Python Forum
(Python) Pulling data from UA Google Analytics with more than 100k rows into csv.
Thread Rating:
  • 0 Vote(s) - 0 Average
  • 1
  • 2
  • 3
  • 4
  • 5
(Python) Pulling data from UA Google Analytics with more than 100k rows into csv.
#1
(Python) Pulling data from UA Google Analytics with more than 100k rows into csv. Works fine for 57k

import pandas as pd
from apiclient.discovery import build
from oauth2client.service_account import ServiceAccountCredentials
from datetime import datetime
import datetime as datetime2
from datetime import date, timedelta
import time
from dates import StartDay, StartMonth, StartYear, EndDay,EndYear,EndMonth

SCOPES = ['https://www.googleapis.com/auth/analytics.readonly']
KEY_FILE_LOCATION = './XXXXXXX.json'
VIEW_ID = 'XXXXXXX'
PAGESIZE = 100000

#StartDate = '2022-10-13'
#EndDate = '2022-10-14'

#RangeStart = datetime2.date(2022, 9, 1)
#RangeEnd = datetime2.date(2022, 9, 1)
#RangeStart = datetime2.date(2022, 1, 3) # from and inluding this date
#RangeEnd = datetime2.date(2022, 1, 4) # up to this date (not including)


RangeStart = datetime2.date(StartYear, StartMonth, StartDay) # from and inluding this date
RangeEnd = datetime2.date(EndYear, EndMonth, EndDay) # up to this date (not including)

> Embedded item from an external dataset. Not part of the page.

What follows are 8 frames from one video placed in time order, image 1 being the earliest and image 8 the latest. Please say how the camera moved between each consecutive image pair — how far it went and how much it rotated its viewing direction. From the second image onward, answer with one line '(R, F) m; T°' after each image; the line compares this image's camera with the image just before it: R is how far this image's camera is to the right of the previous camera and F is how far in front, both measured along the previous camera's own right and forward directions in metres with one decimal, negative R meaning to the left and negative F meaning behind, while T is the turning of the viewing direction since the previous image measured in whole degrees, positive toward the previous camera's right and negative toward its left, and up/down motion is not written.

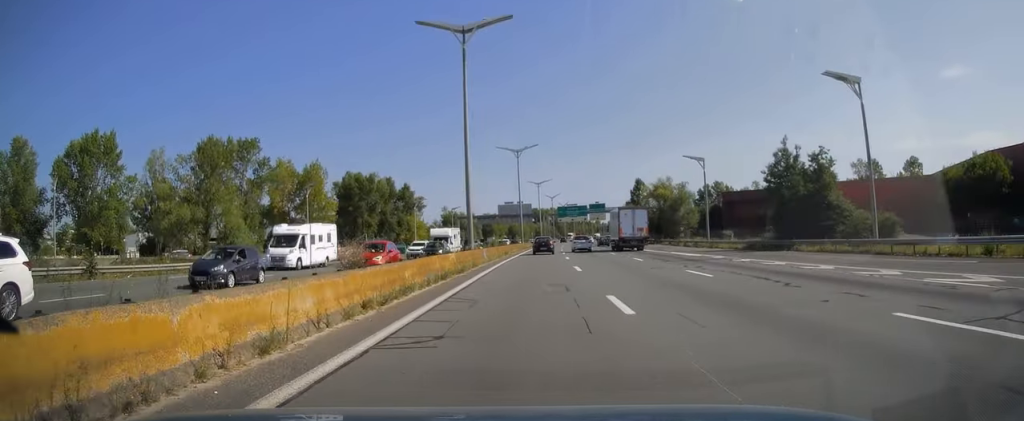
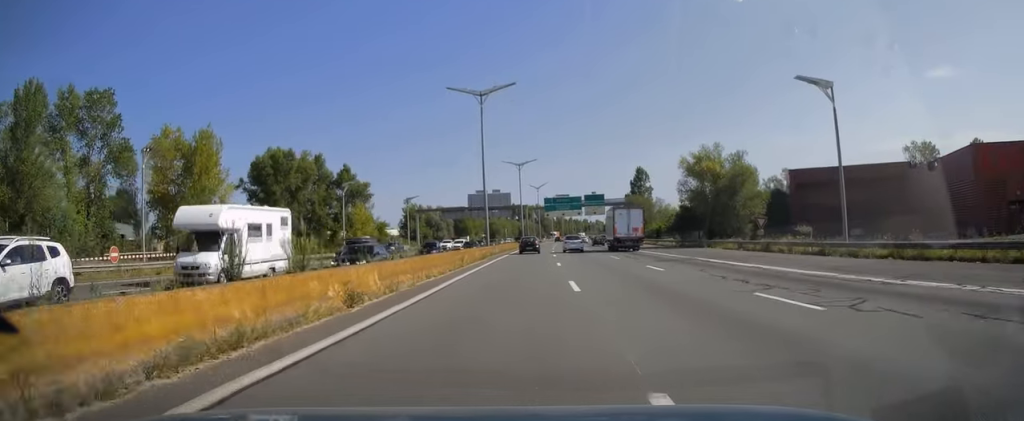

delta = datetime2.timedelta(days=1)

#main.RangeStart

def initialize_analyticsreporting():
    credentials = ServiceAccountCredentials.from_json_keyfile_name(
        KEY_FILE_LOCATION, SCOPES)
    analytics = build('analyticsreporting', 'v4', credentials=credentials)
    return analytics


# Get one report page
def get_report(analytics, pageTokenVar):
    return analytics.reports().batchGet(
        body={

            ##################################################################################

            'reportRequests': [
                {
                    'viewId': VIEW_ID,
                    'dateRanges': [{'startDate': startingDateFeed, 'endDate': singleDateFeed}],
                    'metrics': [
                        {'expression': 'ga:users'},
                        {'expression': 'ga:newUsers'},
                        #{'expression': 'ga:pageviews'},
                        #{'expression': 'ga:bounces'},
                        #{'expression': 'ga:sessions'},
                        #{'expression': 'ga:searchUniques'},
                        #{'expression': 'ga:timeOnPage'}
                        {'expression': 'ga:searchUniques'},
                        {'expression': 'ga:bounces'},
                        {'expression': 'ga:bounceRate'},
                        {'expression': 'ga:sessionDuration'},
                        {'expression': 'ga:avgSessionDuration'},
                        {'expression': 'ga:avgTimeOnPage'},
                        {'expression': 'ga:organicSearches'}
                    ],
                    'dimensions': [
                        {'name': 'ga:userType'},
                        {'name': 'ga:sessionCount'},
                        {'name': 'ga:dateHourMinute'},
                        #{'name': 'ga:sourceMedium'},
                        #{'name': 'ga:deviceCategory'},
                        #{'name': 'ga:cityId'},
                        #{'name': 'ga:countryIsoCode'},
                        #{'name': 'ga:landingPagePath'},
                        #{'name': 'ga:pagePath'},
                        {'name': 'ga:campaign'},
                        #{'name' : 'ga:searchUniques'}
                        #{'name': 'ga:pagePathLevel1'},
                        #{'name': 'ga:pagePathLevel2'},
                        #{'name': 'ga:pagePathLevel3'},
                        #{'name': 'ga:pagePathLevel4'}
                    ],
                    'samplingLevel': 'LARGE',
                    'pageSize': PAGESIZE
                }]

            ##################################################################################

        }
    ).execute()


def handle_report(analytics, pagetoken, rows):
    response = get_report(analytics, pagetoken)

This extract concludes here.